■ **DIRECTIONS FOR THIS TASK**:
Print the entries exactly as they appear, and omit any images.

■ **PROVIDED MATERIAL**:
┄┄┄┄┄┄

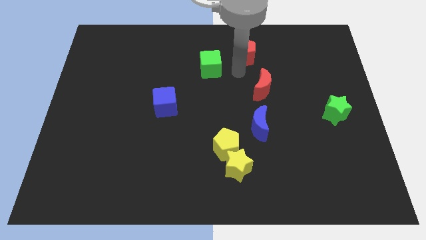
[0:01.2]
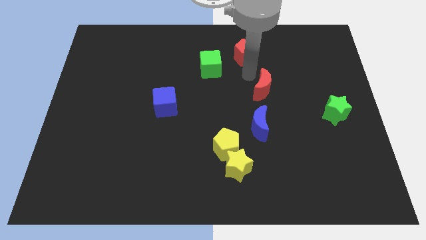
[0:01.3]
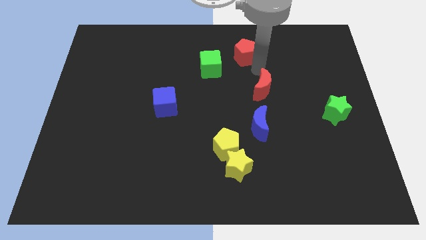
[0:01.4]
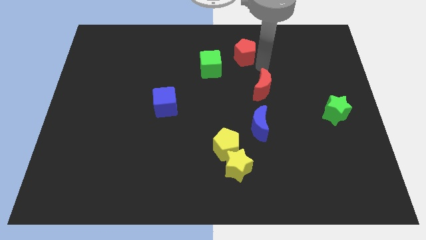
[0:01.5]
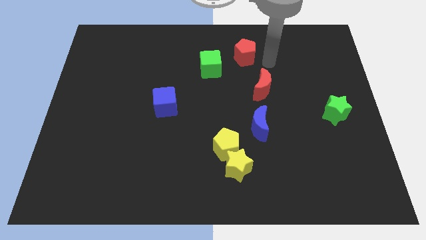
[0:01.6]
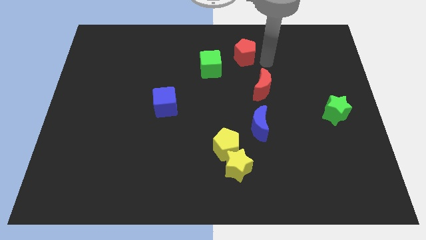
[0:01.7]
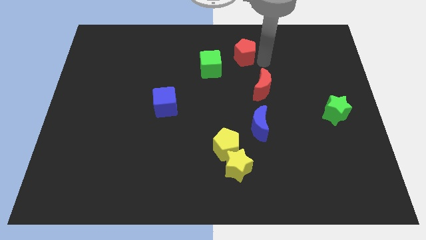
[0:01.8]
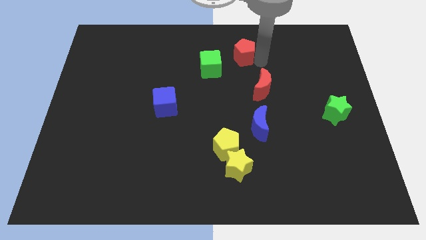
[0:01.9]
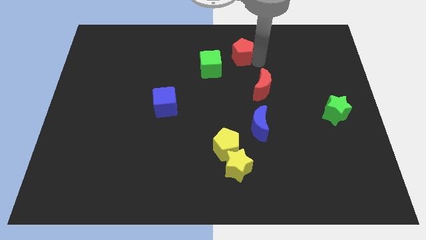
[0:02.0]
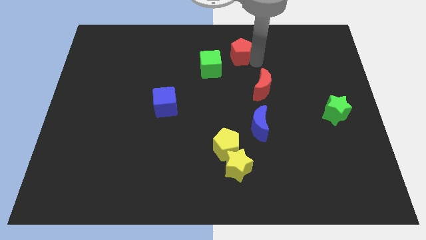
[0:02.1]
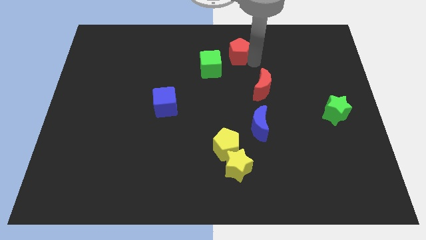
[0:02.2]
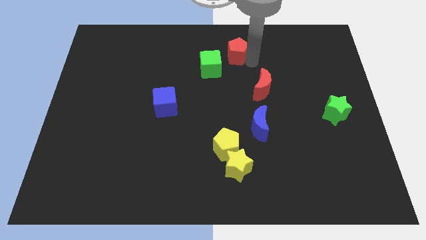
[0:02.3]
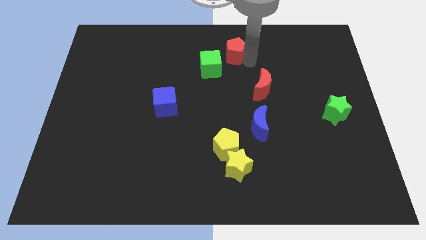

┄┄┄┄┄┄

■ **ANSWER BELOW**:
[0:01.2]
[0:01.3]
[0:01.4]
[0:01.5]
[0:01.6]
[0:01.7]
[0:01.8]
[0:01.9]
[0:02.0]
[0:02.1]
[0:02.2]
[0:02.3]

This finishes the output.